Work order:
Report each line from the data below that holds the word "there".

Extracted data:
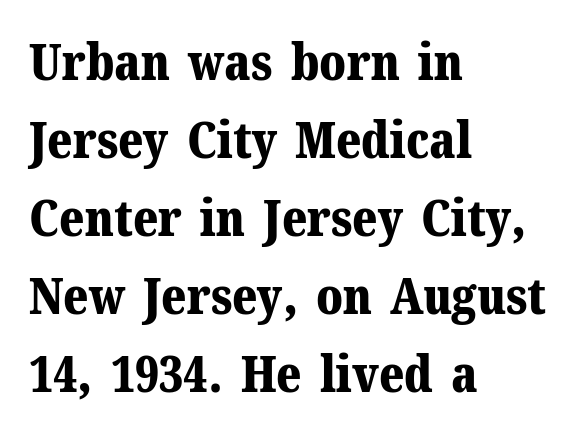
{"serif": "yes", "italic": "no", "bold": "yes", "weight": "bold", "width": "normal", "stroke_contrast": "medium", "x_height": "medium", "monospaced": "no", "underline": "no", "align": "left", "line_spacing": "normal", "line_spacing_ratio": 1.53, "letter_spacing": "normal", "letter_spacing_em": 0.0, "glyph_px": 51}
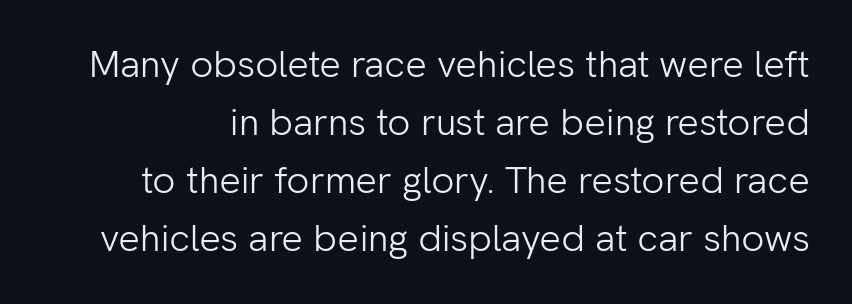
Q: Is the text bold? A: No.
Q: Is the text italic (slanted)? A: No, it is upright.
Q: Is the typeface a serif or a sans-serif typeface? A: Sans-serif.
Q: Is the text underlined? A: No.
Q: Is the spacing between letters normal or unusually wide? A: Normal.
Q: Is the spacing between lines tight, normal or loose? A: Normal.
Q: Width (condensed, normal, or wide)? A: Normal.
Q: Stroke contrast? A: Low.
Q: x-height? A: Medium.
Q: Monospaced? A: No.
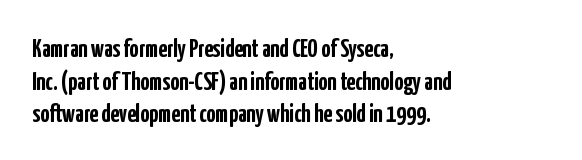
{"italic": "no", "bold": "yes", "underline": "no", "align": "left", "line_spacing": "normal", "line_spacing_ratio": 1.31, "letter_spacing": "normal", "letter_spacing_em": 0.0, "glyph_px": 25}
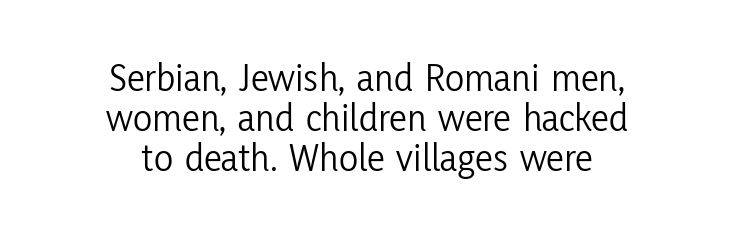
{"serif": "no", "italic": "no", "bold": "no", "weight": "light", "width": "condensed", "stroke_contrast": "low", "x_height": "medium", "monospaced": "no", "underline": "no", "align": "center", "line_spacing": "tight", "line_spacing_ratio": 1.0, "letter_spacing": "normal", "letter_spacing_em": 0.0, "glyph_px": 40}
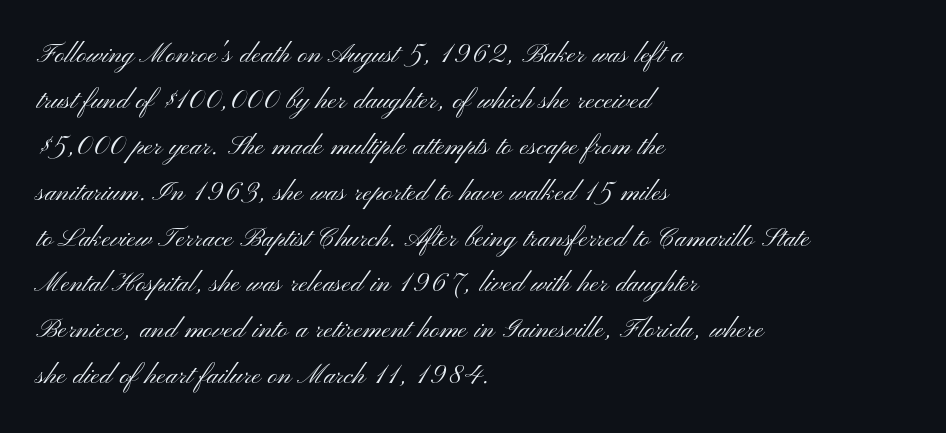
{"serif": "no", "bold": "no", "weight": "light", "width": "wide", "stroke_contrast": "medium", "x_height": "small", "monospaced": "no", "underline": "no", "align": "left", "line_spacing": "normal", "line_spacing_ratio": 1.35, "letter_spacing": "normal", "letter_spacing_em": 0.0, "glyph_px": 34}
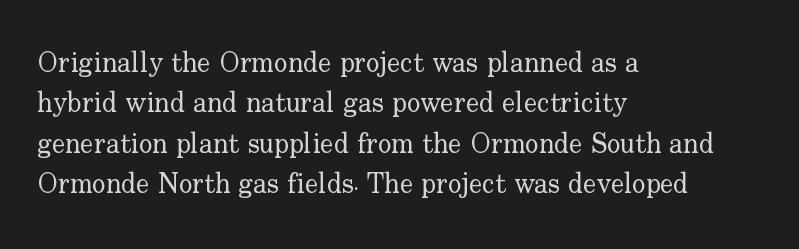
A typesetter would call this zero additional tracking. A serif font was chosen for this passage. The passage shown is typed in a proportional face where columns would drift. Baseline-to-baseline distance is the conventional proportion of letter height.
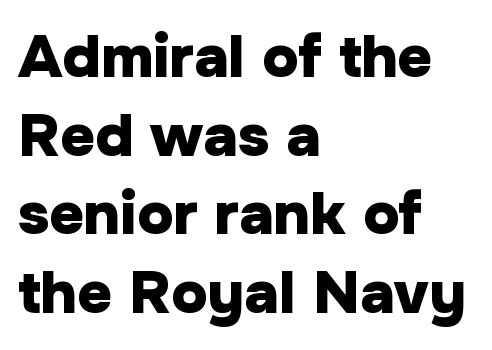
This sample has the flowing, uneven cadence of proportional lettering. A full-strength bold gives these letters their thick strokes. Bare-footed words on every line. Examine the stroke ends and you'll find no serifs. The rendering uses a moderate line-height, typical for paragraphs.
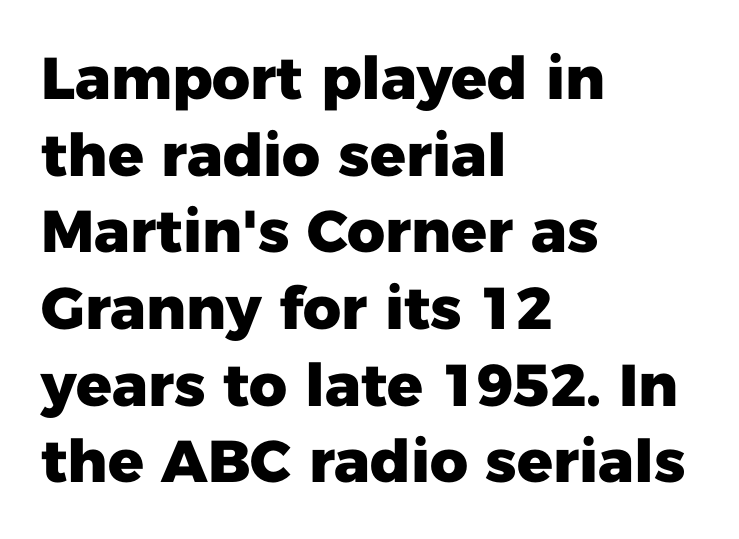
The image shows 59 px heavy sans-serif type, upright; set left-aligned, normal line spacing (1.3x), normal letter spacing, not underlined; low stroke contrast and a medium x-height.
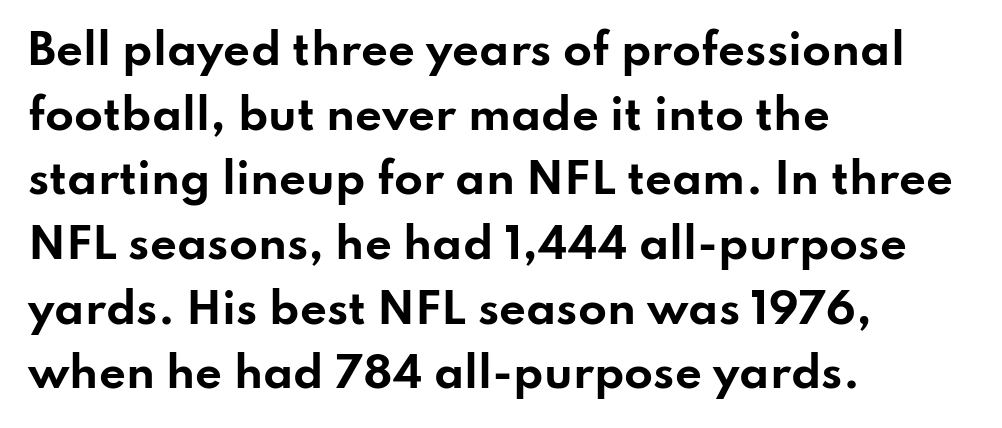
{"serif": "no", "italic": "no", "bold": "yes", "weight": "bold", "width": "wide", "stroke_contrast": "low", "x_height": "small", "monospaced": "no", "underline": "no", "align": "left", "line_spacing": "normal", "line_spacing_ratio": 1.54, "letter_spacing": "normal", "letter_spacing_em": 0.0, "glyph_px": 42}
==
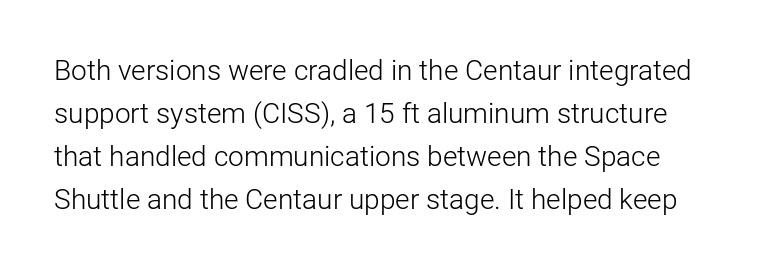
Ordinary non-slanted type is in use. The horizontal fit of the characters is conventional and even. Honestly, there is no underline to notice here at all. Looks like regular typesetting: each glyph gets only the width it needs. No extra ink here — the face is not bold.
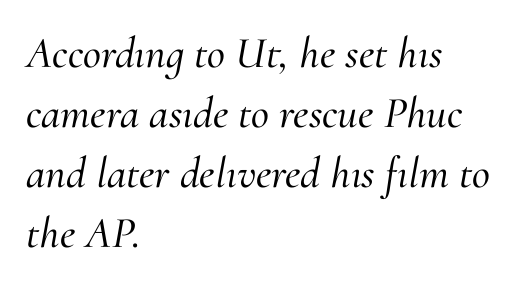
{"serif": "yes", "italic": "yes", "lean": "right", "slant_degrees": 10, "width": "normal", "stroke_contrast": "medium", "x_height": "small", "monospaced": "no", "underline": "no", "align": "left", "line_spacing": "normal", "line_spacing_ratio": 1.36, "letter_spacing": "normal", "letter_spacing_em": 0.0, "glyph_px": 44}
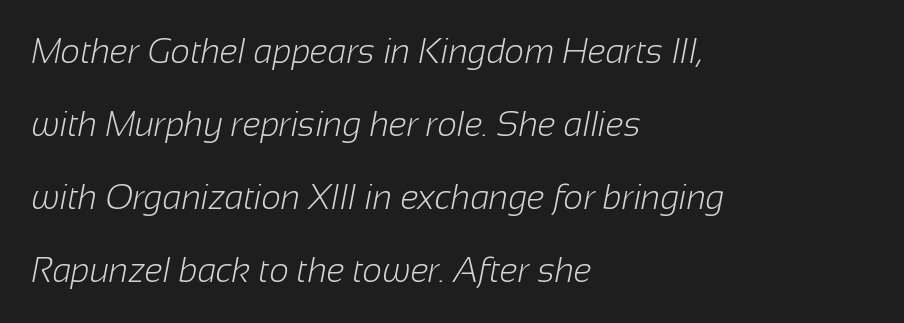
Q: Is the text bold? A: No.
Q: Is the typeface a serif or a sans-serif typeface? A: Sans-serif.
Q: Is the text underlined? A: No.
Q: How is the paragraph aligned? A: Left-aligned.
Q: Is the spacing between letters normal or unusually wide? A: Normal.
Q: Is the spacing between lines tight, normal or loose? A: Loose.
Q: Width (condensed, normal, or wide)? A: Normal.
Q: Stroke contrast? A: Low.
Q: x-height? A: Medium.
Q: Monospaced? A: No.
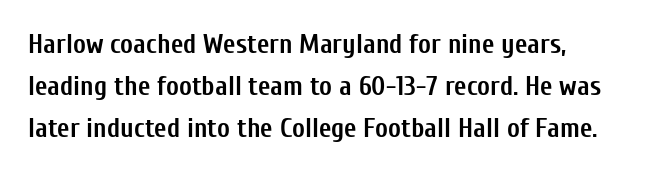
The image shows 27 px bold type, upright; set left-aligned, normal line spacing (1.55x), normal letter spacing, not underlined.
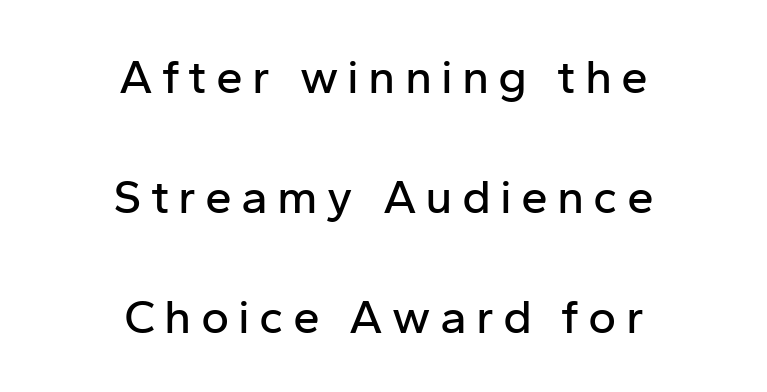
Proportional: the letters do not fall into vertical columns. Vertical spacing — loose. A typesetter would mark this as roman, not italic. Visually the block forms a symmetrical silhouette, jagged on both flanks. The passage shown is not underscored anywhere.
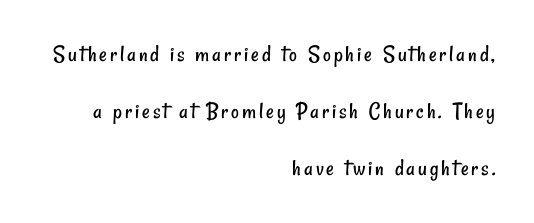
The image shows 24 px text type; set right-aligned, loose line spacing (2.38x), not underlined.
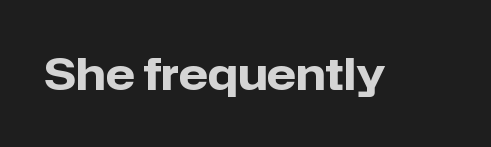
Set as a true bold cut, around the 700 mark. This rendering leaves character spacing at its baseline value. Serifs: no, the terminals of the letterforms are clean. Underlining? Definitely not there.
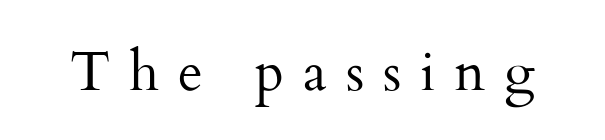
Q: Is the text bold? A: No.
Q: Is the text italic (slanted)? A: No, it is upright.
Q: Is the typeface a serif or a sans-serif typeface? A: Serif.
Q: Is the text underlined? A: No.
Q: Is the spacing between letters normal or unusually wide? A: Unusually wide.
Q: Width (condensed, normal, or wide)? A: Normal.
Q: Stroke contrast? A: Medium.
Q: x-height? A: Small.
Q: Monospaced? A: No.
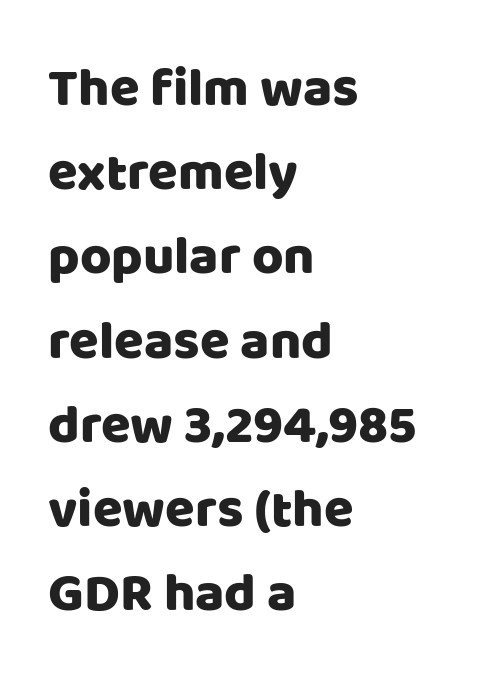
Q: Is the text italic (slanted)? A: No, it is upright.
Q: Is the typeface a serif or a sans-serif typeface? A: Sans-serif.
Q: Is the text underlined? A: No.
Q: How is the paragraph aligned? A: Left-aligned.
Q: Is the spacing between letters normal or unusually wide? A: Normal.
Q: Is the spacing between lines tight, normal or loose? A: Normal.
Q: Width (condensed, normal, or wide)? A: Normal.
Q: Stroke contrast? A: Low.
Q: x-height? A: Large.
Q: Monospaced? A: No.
==
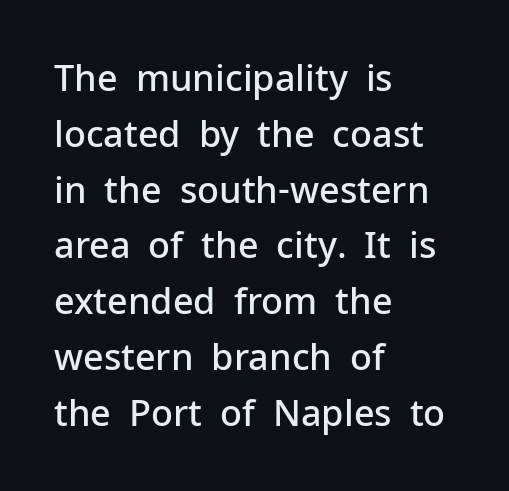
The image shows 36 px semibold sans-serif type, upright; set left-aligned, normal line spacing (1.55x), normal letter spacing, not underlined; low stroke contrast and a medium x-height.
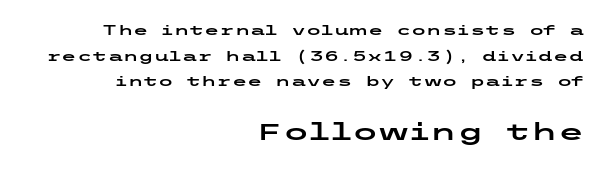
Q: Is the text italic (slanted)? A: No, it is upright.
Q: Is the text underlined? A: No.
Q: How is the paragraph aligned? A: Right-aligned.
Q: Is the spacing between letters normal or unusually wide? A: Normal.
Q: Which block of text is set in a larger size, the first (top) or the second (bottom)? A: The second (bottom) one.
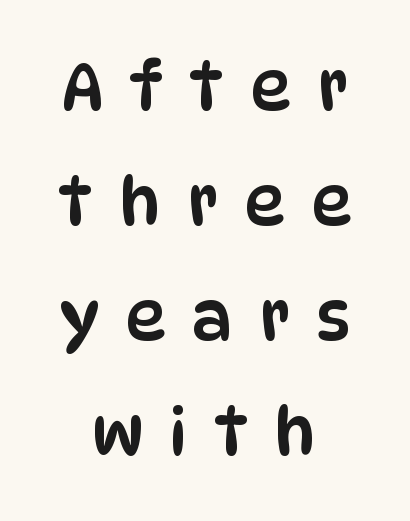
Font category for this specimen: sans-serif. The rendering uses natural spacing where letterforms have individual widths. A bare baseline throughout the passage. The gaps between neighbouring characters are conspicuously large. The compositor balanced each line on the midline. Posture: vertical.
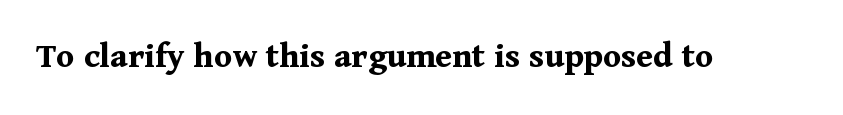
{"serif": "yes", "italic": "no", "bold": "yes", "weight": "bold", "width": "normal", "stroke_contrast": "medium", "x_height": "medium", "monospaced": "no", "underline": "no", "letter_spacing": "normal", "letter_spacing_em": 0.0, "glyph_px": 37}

Result of the task:
Ordinary non-slanted type is in use. The horizontal fit of the characters is conventional and even. Honestly, there is no underline to notice here at all. Looks like regular typesetting: each glyph gets only the width it needs. No extra ink here — the face is not bold.
Set as a true bold cut, around the 700 mark. This rendering leaves character spacing at its baseline value. Serifs: no, the terminals of the letterforms are clean. Underlining? Definitely not there.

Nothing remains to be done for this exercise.